— Your assignment —
Give the number of lines in the data below containing the word "degrees", with no other text.

— Supplied data —
· · ·
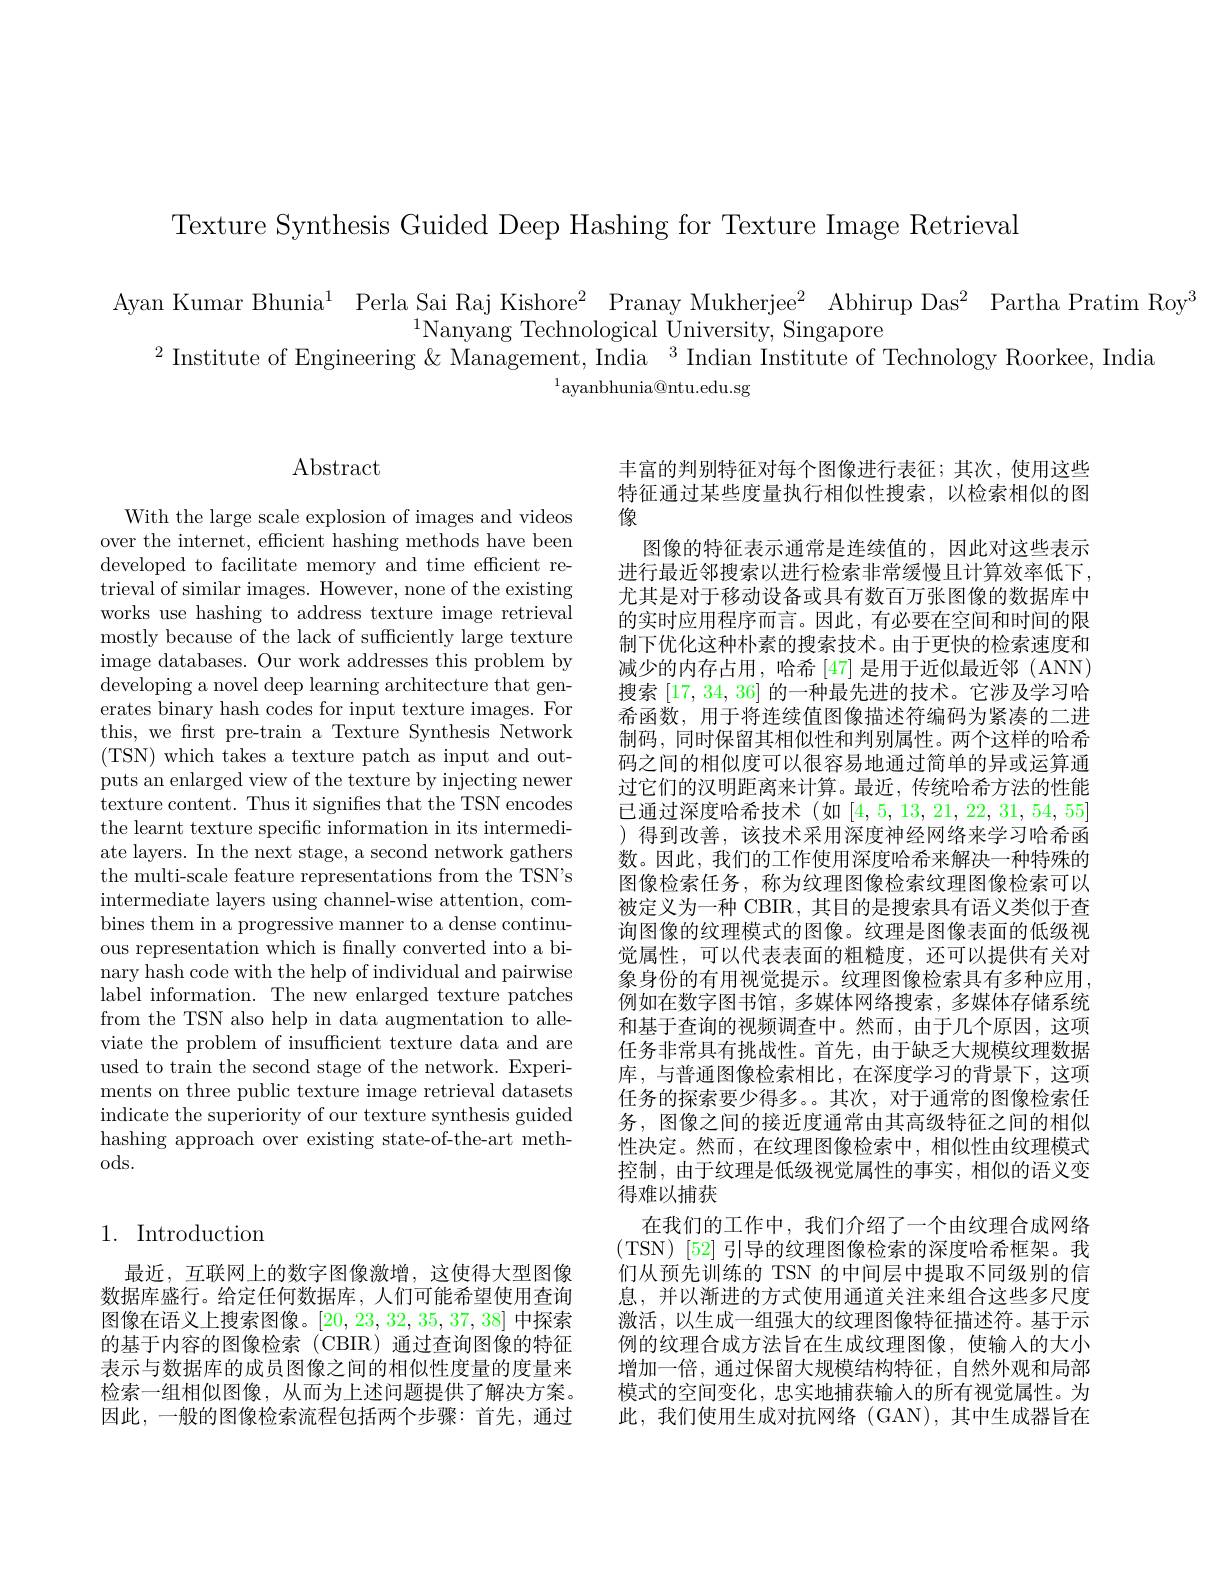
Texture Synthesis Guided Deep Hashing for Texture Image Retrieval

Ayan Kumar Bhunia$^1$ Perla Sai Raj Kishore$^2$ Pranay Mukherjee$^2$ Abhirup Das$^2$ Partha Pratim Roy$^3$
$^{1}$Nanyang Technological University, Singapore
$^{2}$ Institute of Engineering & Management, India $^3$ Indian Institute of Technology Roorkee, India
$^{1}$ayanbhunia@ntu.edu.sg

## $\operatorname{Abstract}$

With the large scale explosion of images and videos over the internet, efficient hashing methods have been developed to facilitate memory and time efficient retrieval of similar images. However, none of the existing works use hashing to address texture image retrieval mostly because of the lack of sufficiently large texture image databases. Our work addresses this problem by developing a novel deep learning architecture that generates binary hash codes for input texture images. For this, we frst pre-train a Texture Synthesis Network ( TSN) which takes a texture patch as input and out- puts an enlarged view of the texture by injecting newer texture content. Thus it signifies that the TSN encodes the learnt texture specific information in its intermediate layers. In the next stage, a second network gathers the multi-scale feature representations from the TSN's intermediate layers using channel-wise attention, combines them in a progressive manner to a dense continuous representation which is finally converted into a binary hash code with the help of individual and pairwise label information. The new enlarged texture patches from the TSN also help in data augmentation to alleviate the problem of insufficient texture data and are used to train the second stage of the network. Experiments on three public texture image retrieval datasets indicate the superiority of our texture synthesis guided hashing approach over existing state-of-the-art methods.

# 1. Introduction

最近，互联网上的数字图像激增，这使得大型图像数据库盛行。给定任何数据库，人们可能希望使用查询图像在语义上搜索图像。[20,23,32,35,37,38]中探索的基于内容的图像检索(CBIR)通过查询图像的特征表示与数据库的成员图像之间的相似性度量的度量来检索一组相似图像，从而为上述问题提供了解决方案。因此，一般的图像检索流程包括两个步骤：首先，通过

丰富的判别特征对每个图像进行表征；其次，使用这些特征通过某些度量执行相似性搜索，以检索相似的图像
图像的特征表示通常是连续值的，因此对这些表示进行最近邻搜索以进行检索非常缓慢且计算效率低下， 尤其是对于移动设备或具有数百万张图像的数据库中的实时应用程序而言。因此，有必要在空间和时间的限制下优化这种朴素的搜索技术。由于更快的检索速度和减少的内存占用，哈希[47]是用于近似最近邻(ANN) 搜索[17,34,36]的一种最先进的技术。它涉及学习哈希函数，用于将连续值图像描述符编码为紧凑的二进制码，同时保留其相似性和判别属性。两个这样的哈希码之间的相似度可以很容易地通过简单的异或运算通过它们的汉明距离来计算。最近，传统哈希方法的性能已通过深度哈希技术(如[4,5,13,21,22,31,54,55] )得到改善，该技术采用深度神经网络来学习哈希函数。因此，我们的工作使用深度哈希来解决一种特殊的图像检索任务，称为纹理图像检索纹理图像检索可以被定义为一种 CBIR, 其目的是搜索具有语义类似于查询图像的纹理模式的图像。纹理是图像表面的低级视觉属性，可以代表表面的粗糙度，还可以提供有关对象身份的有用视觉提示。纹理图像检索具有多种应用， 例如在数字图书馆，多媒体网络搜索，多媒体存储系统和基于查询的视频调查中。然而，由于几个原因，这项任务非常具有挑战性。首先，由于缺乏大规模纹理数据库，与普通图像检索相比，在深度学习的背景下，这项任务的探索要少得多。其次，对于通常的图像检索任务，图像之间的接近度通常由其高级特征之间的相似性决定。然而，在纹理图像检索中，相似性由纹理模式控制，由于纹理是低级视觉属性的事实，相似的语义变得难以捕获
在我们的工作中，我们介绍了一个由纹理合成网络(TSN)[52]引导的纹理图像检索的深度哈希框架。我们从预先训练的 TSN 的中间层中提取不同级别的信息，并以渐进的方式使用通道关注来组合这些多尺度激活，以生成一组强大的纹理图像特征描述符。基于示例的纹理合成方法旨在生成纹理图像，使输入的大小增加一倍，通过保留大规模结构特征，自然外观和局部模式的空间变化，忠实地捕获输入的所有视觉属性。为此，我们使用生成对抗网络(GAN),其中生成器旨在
· · ·
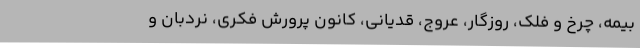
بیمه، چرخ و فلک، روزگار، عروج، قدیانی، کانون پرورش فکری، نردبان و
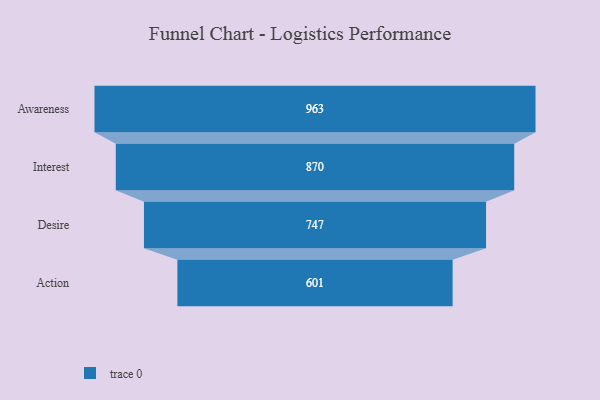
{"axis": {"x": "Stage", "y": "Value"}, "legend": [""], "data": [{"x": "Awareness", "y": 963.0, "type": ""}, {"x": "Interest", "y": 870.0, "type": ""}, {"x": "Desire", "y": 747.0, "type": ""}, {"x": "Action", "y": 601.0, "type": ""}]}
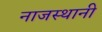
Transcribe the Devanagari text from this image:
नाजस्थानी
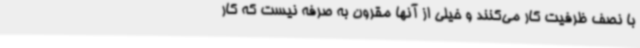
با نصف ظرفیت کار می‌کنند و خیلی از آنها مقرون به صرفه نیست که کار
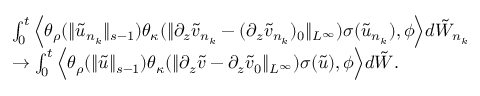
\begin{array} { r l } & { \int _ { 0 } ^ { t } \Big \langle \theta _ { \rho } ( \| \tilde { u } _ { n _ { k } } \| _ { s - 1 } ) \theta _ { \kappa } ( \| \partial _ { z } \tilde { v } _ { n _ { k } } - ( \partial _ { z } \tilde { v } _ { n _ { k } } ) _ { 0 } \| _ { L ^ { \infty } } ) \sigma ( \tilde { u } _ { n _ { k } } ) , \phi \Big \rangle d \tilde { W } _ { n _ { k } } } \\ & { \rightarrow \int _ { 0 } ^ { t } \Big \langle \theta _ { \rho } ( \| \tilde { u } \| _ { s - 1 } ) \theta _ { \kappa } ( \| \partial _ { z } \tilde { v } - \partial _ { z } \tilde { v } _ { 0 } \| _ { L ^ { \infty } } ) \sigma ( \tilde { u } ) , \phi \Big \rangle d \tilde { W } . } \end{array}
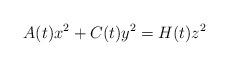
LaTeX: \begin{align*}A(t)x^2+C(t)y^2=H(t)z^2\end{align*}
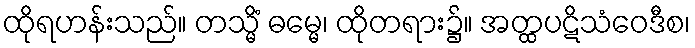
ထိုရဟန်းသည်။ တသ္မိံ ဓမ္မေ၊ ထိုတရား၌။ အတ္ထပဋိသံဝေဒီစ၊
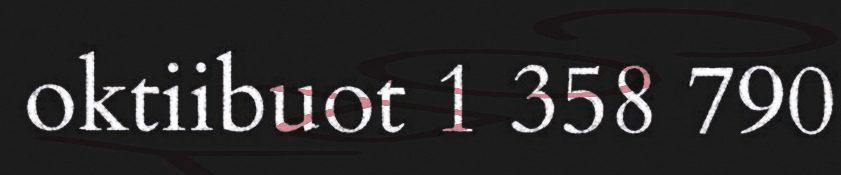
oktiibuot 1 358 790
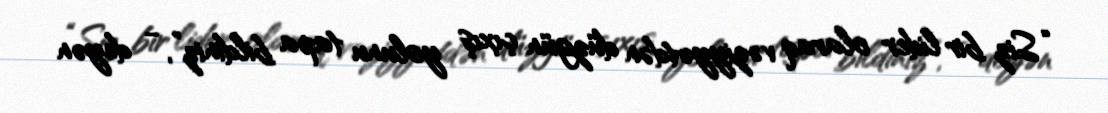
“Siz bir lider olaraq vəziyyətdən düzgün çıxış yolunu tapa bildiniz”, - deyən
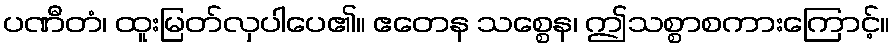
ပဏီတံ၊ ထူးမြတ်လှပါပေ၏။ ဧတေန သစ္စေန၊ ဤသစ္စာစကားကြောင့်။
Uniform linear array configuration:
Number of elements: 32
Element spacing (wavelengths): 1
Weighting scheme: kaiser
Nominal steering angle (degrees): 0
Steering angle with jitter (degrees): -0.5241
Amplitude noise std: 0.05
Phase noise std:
· · ·
— Output of the exercise —
2